Segment Start: Data excerpt

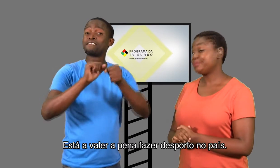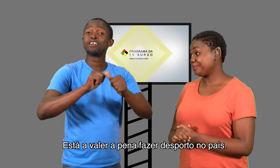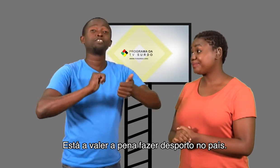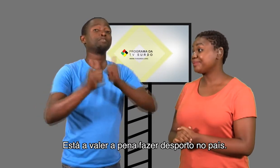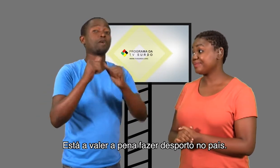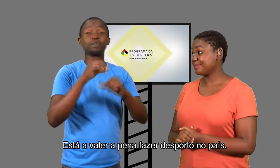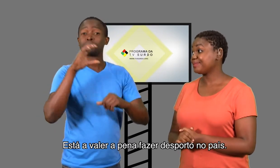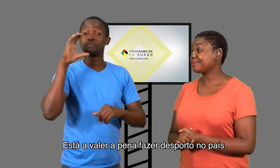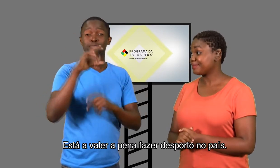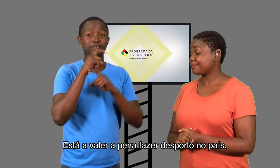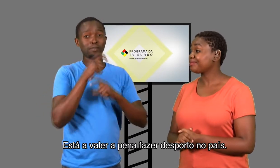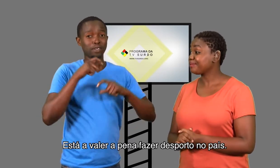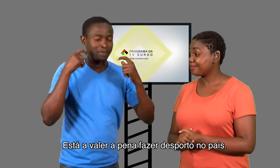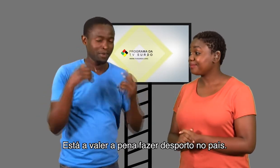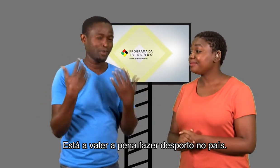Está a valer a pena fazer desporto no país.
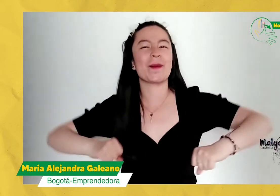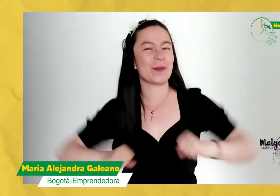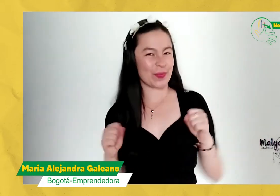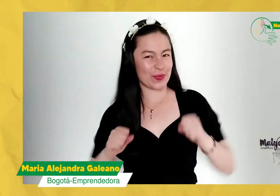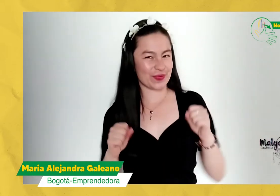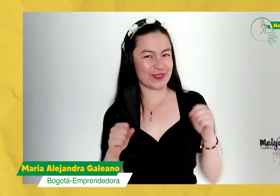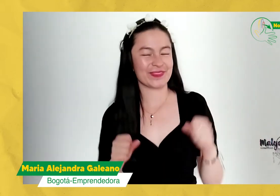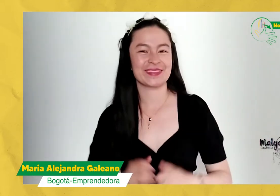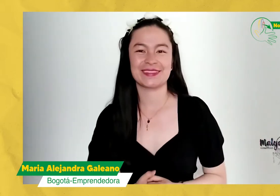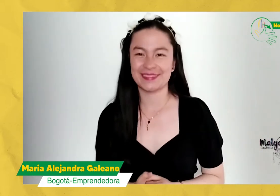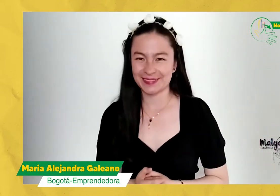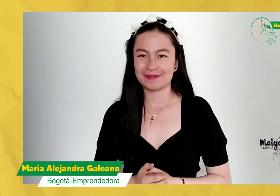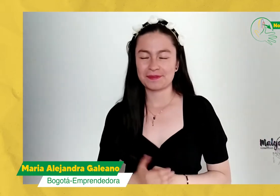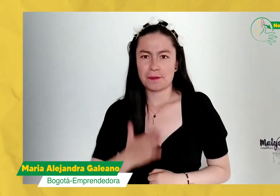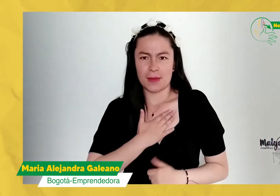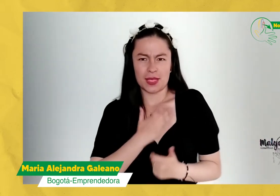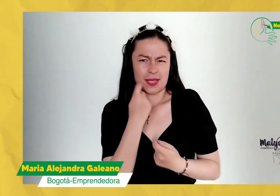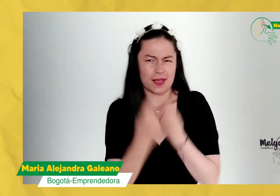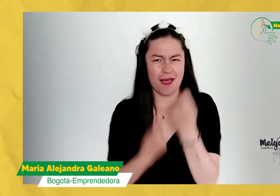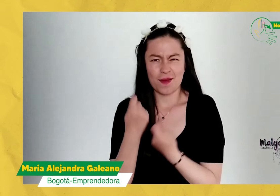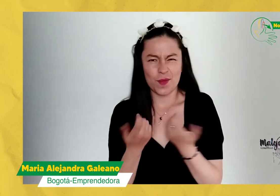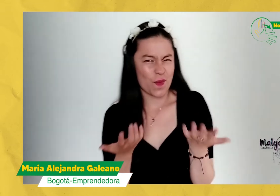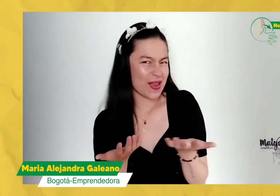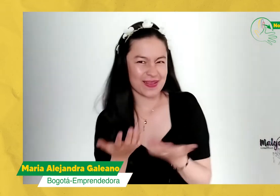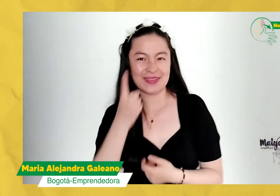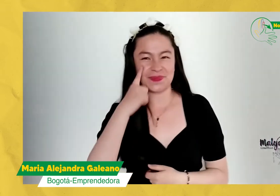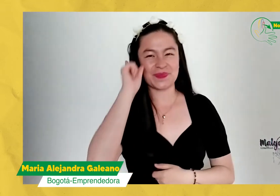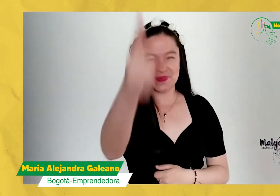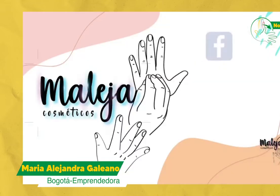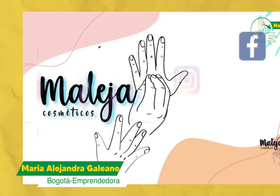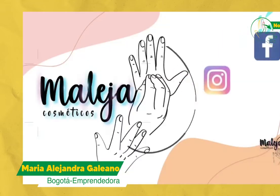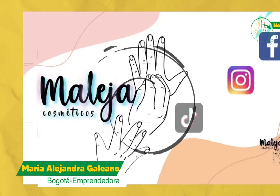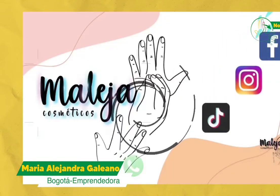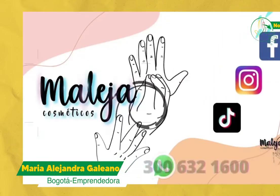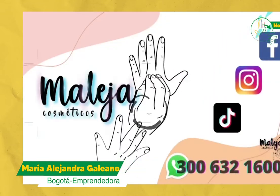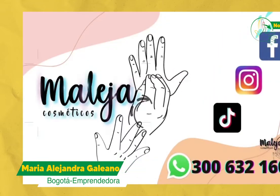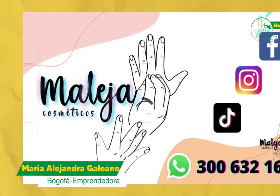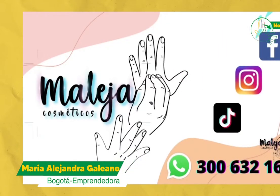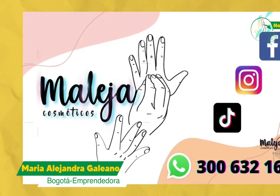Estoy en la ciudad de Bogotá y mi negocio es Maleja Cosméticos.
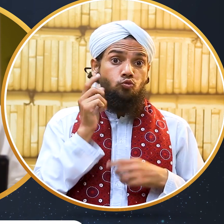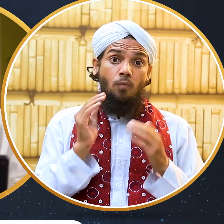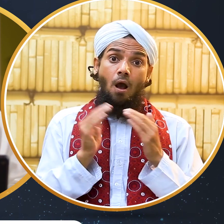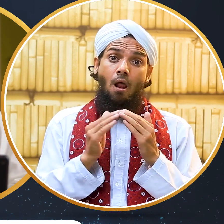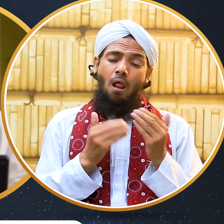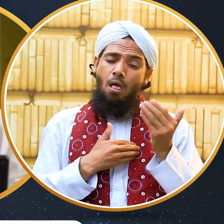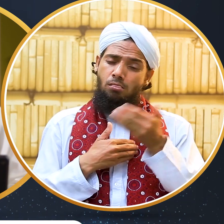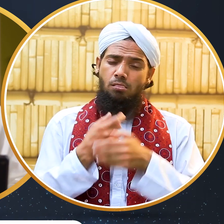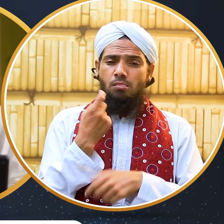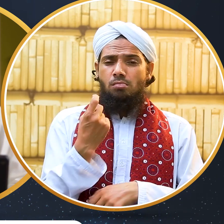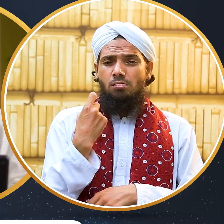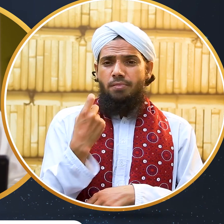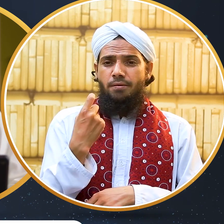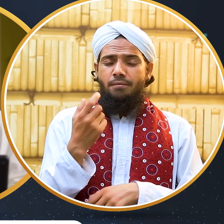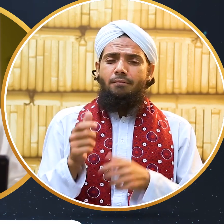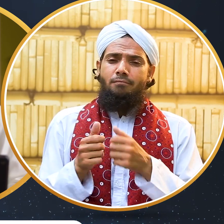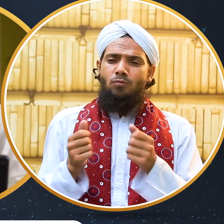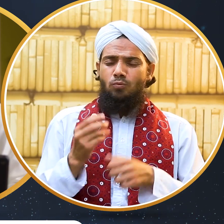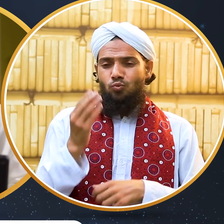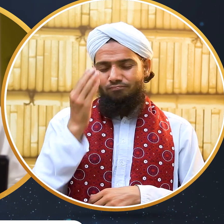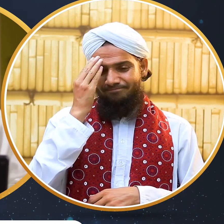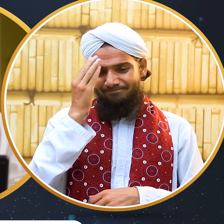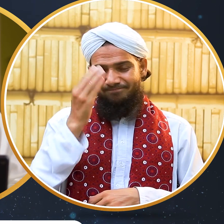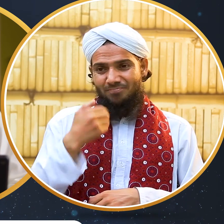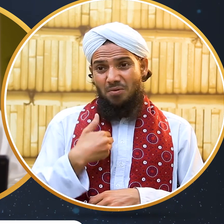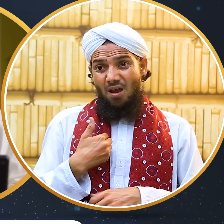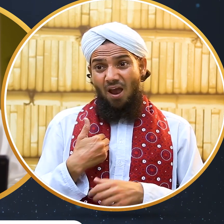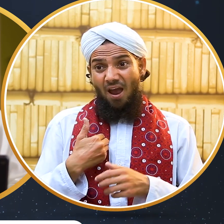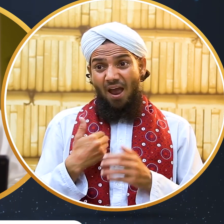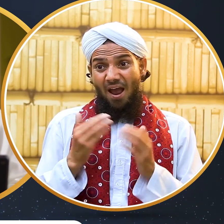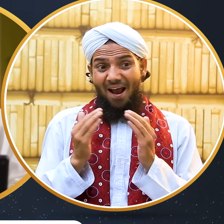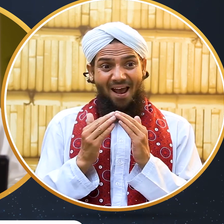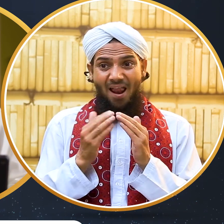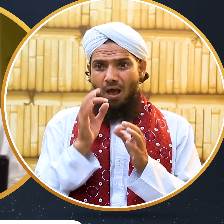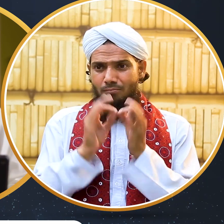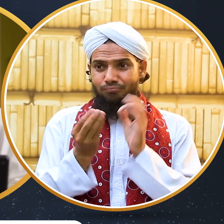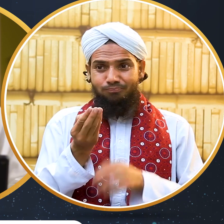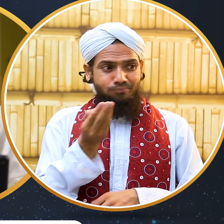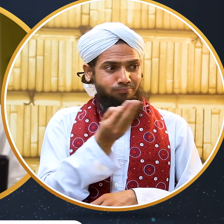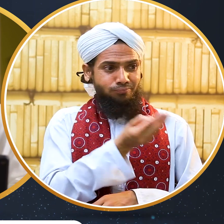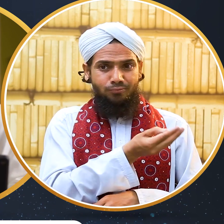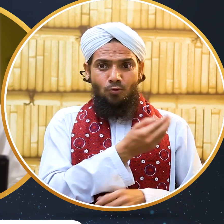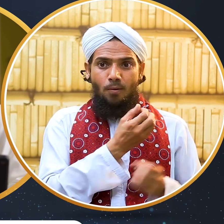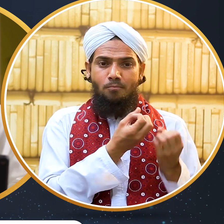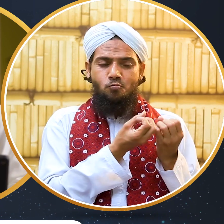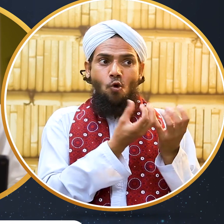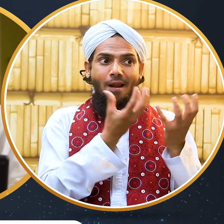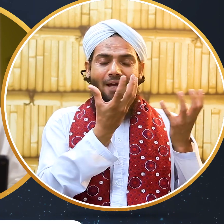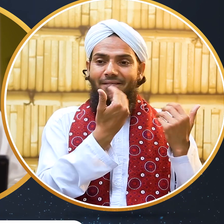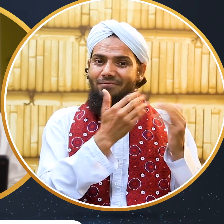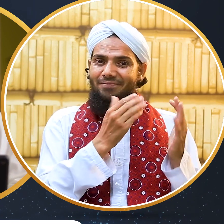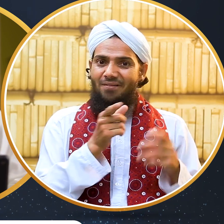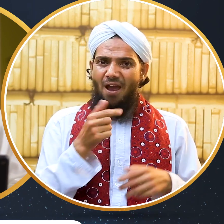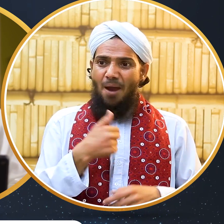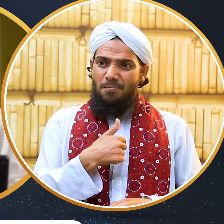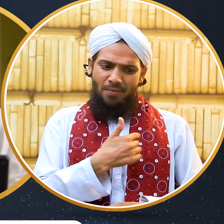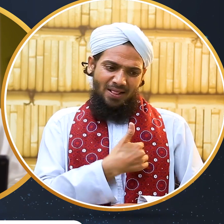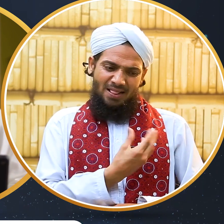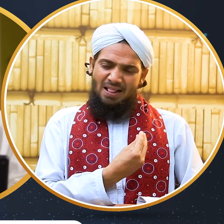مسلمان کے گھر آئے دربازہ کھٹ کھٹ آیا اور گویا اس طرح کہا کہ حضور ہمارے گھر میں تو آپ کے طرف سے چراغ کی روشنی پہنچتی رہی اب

Segment End: Data excerpt

• [What is expected]:
Retype the whole listing above exactly as written. Skip the pictures.

• [Reply]:
Está a valer a pena fazer desporto no país.
Estoy en la ciudad de Bogotá y mi negocio es Maleja Cosméticos.
مسلمان کے گھر آئے دربازہ کھٹ کھٹ آیا اور گویا اس طرح کہا کہ حضور ہمارے گھر میں تو آپ کے طرف سے چراغ کی روشنی پہنچتی رہی اب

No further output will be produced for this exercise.